> DATA SECTION

"""

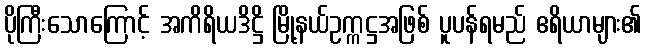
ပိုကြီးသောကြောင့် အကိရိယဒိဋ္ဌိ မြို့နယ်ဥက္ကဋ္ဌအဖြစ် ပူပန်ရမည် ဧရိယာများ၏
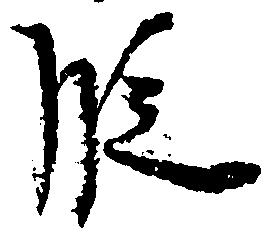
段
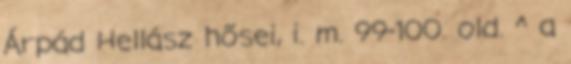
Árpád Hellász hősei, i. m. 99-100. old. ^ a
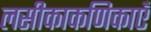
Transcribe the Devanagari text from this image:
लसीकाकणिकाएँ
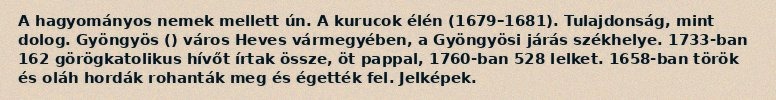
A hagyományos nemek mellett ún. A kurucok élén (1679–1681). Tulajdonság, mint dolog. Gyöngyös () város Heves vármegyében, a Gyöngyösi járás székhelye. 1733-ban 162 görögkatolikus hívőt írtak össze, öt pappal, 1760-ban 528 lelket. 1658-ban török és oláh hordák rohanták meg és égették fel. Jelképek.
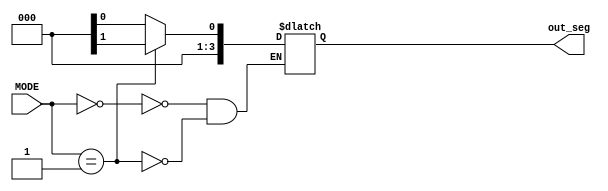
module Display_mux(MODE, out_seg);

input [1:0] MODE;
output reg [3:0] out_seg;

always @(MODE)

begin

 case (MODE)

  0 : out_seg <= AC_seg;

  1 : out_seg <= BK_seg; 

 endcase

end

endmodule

"""

> GOAL OF THE EXERCISE
Reply with exactly the lines from the one containing "input [1:0] MODE;" to the last line of the material, inclusive, and with nothing more.

> RESULT BELOW
input [1:0] MODE;
output reg [3:0] out_seg;

always @(MODE)

begin

 case (MODE)

  0 : out_seg <= AC_seg;

  1 : out_seg <= BK_seg; 

 endcase

end

endmodule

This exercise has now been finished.